Immunic, Inc., a clinical-stage biopharmaceutical company focused on developing best-in-class, oral therapies for the treatment of chronic inflammatory and autoimmune diseases, today announced enrollment of the first patients in an investigator-sponsored phase 2 clinical trial of the company’s selective oral DHODH inhibitor, IMU-838, for the treatment of patients with coronavirus disease 2019 (COVID-19). The IONIC trial is a prospective, randomized, parallel-group, open-label phase 2b study, designed to evaluate efficacy and safety of IMU-838 in combination with the neuraminidase inhibitor, Oseltamivir (Tamiflu®), in approximately 120 adult patients with moderate-to-severe COVID-19.
The IONIC trial has been set up with the support of the in-house Trial Management Unit (TMU) of the sponsor and lead site, University Hospitals Coventry and Warwickshire (UHCW) NHS Trust. The IONIC trial has commenced recruitment at the lead site and the TMU is actively engaging with other NHS trusts interested in participating in the trial to facilitate recruitment.
“The healthcare community has never faced a more urgent need for new therapies than the unprecedented situation we currently face with the COVID-19 pandemic,” commented Prof. Ramesh Arasaradnam, Gastroenterology Consultant at UHCW NHS Trust, Chair of the British Society of Gastroenterology (BSG) Research Committee and Chief Investigator of the IONIC trial. “Recent third-party research has highlighted the powerful synergy between direct antiviral drugs and DHODH inhibitors in preclinical models.

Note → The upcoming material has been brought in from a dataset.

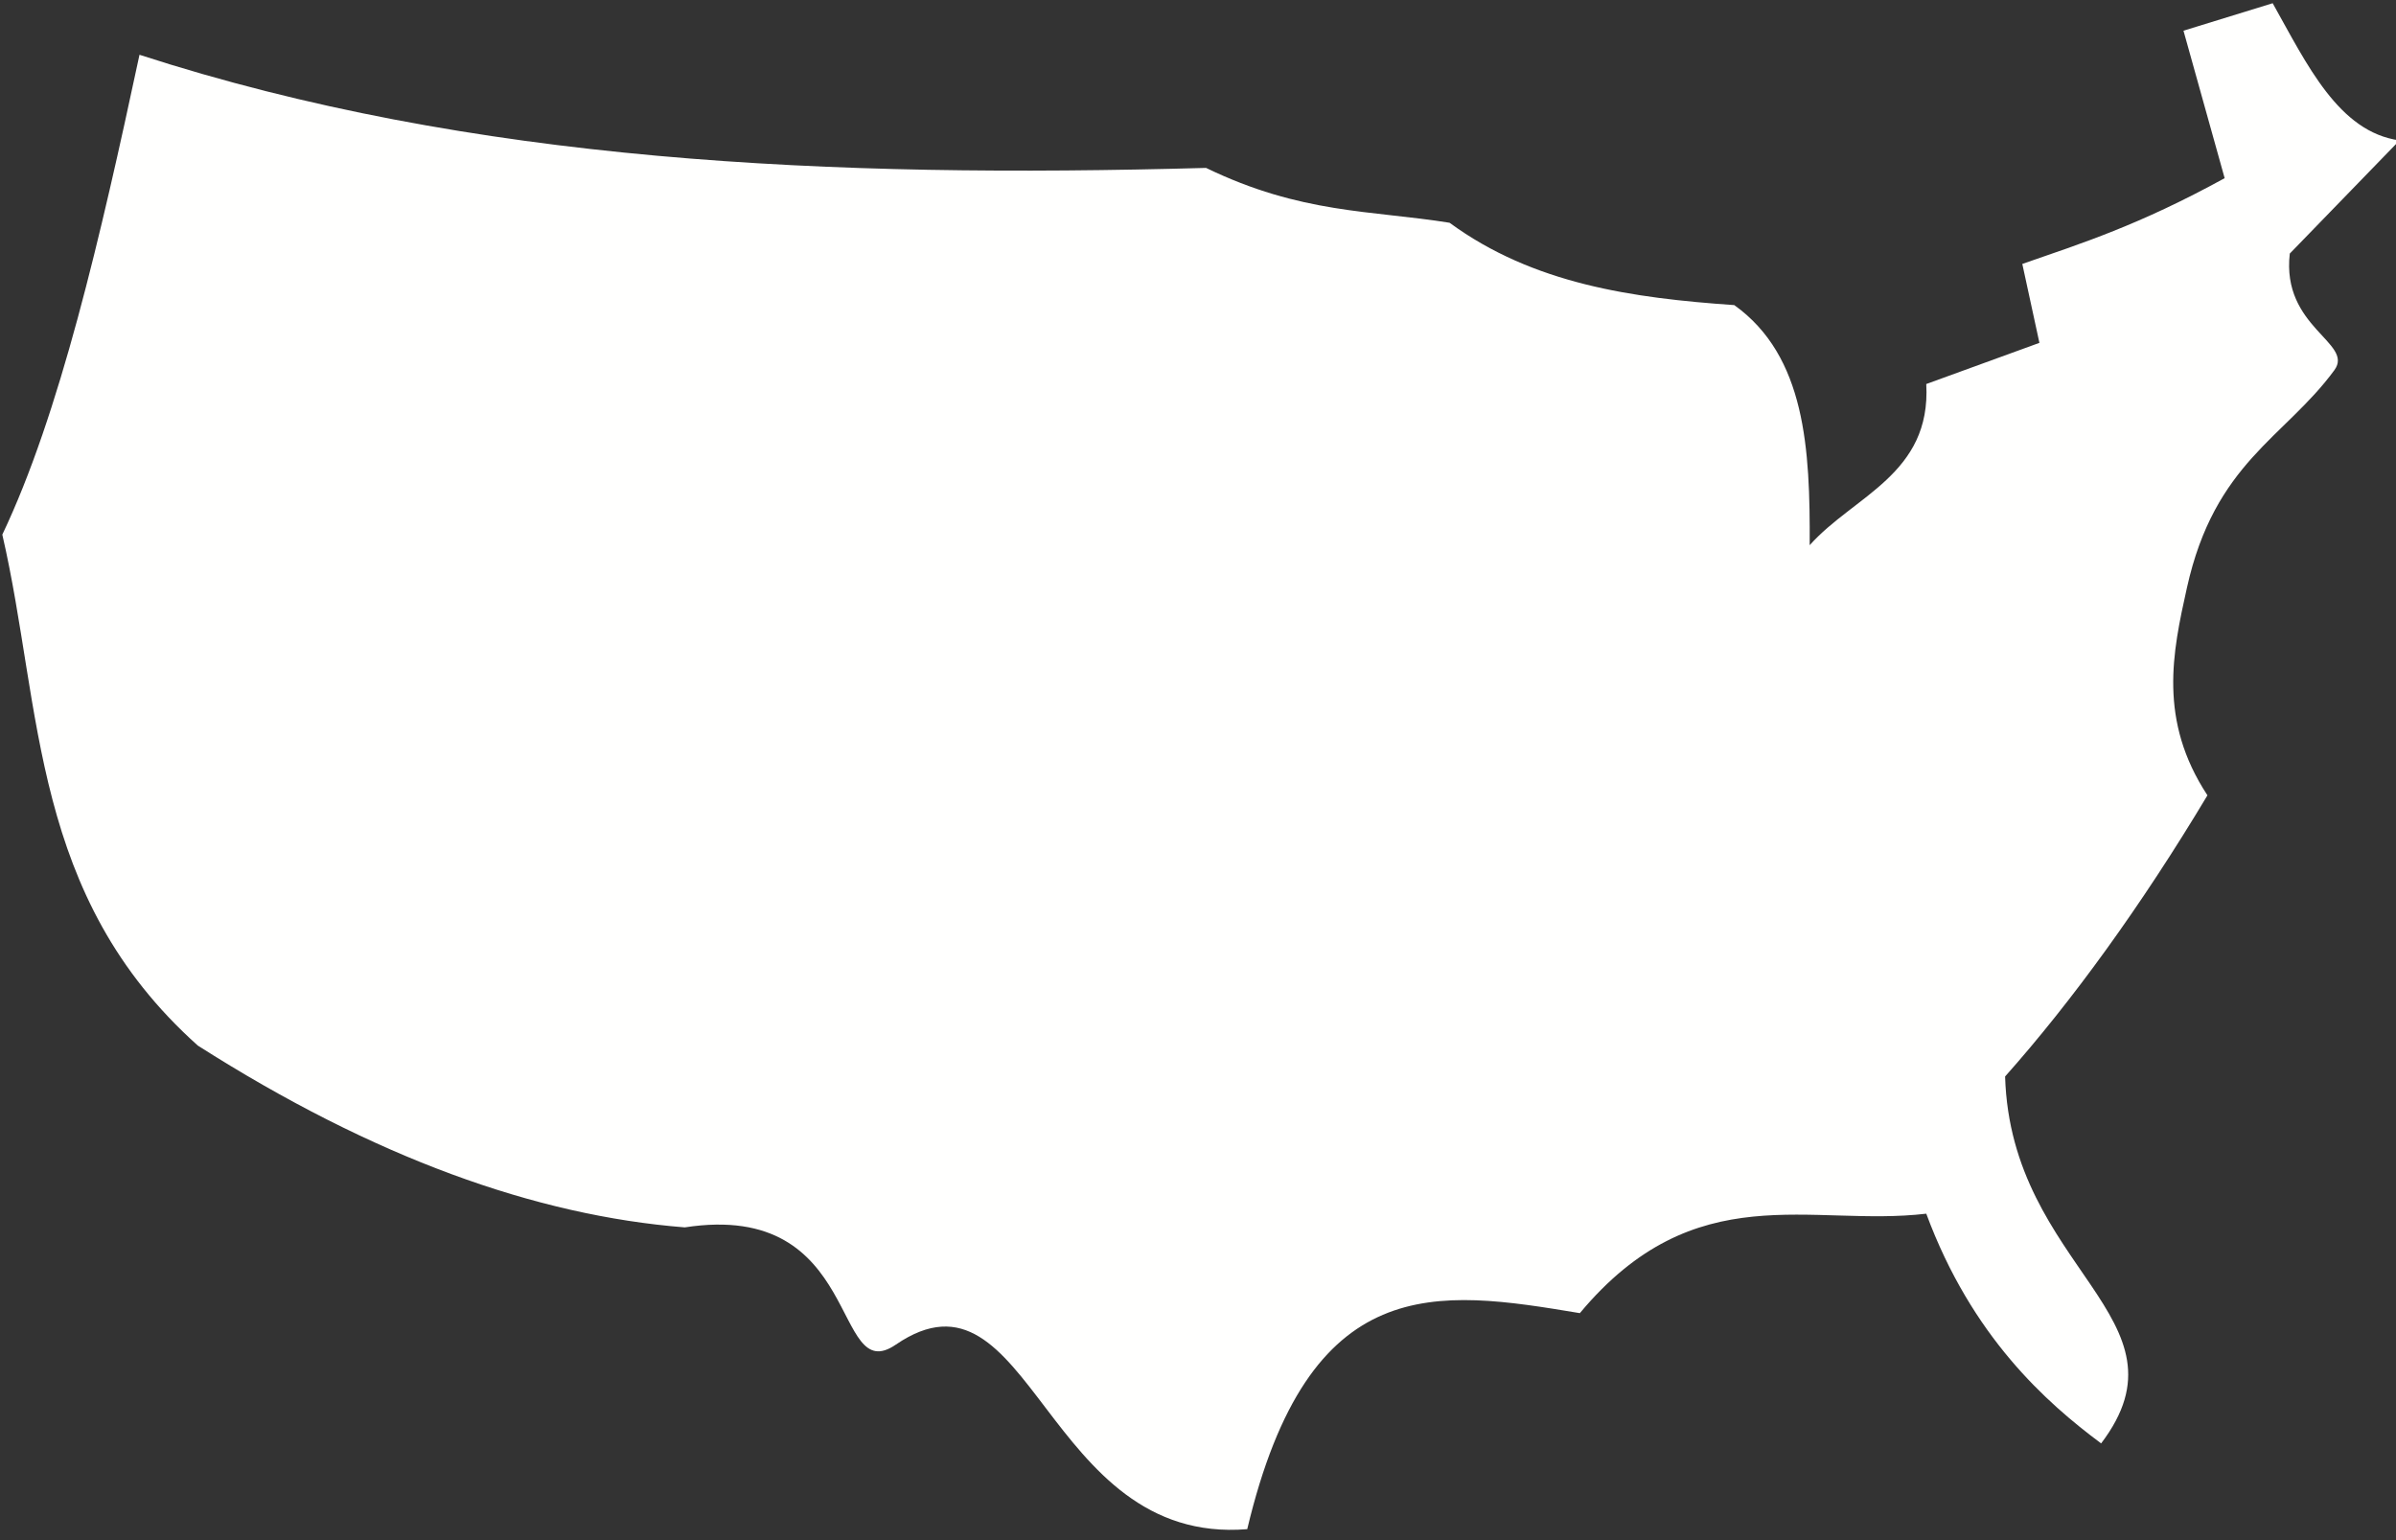 <?xml version="1.0" encoding="UTF-8" standalone="no"?><svg xmlns="http://www.w3.org/2000/svg" xmlns:xlink="http://www.w3.org/1999/xlink" fill="#fffffe" height="15.3" preserveAspectRatio="xMidYMid meet" version="1" viewBox="1.3 5.5 23.8 15.3" width="23.8" zoomAndPan="magnify"><rect x="1.3" y="5.5" width="23.8" height="15.3" fill="#333333" stroke="none"/><g id="change1_1"><path d="m 2.686,276.584 c -0.389,1.819 -0.795,3.576 -1.363,4.769 0.402,1.741 0.279,3.587 1.942,5.076 1.753,1.116 3.357,1.689 4.837,1.806 1.778,-0.275 1.457,1.602 2.096,1.165 1.345,-0.92 1.471,1.997 3.491,1.833 0.614,-2.581 1.88,-2.383 3.304,-2.146 1.147,-1.376 2.294,-0.852 3.441,-0.988 0.453,1.223 1.193,1.877 1.737,2.282 0.944,-1.243 -0.896,-1.734 -0.954,-3.645 0.659,-0.741 1.351,-1.692 2.01,-2.793 -0.49,-0.746 -0.347,-1.419 -0.204,-2.061 0.276,-1.246 0.972,-1.49 1.465,-2.163 0.199,-0.272 -0.528,-0.423 -0.443,-1.158 l 1.09,-1.124 c -0.605,-0.084 -0.918,-0.753 -1.26,-1.363 l -0.886,0.273 0.409,1.465 c -0.855,0.469 -1.418,0.646 -2.01,0.852 l 0.17,0.784 -1.124,0.409 c 0.05,0.897 -0.721,1.11 -1.158,1.601 0.005,-0.954 -0.04,-1.877 -0.749,-2.385 -1.01,-0.07 -1.997,-0.209 -2.828,-0.818 -0.778,-0.125 -1.474,-0.087 -2.419,-0.545 -3.727,0.103 -7.282,-0.05 -10.595,-1.124 z" transform="translate(0 -270.542)"/></g></svg>

We believe that the combination of Oseltamivir, which is a licensed drug in the United Kingdom, and IMU-838, may offer a promising approach for the treatment of severe viral infections, including mid-to-late-stage COVID-19 patients.”
IMU-838 has successfully demonstrated preclinical activity against severe acute respiratory syndrome coronavirus 2 (SARS-CoV-2). Specifically, IMU-838 was observed to inhibit replication of clinical isolates of SARS-CoV-2 associated with COVID-19. In cellular assays, IMU-838 demonstrated this antiviral activity at concentrations which are well below the blood concentrations associated with IMU-838 dosing regimens studied in ongoing and previous clinical trials. In addition, IMU-838 has an attractive pharmacokinetic, safety and tolerability profile and, to date, has already been tested in about 650 individuals.
The IONIC trial, for which Immunic is providing the study medication, is expected to enroll approximately 120 hospitalized patients, 60 in each treatment arm, with moderate-to-severe COVID-19 who will receive IMU-838 plus Oseltamivir, or Oseltamivir alone, for 14 consecutive days. All patients are also eligible to receive standard-of-care therapy throughout the duration of the study. Inclusion criteria are adult patients with a confirmed or suspected SARS-CoV-2 infection fulfilling clinical status category 3 to 5, as assessed with the seven-point ordinal scale proposed by the World Health Organization (WHO) master protocol.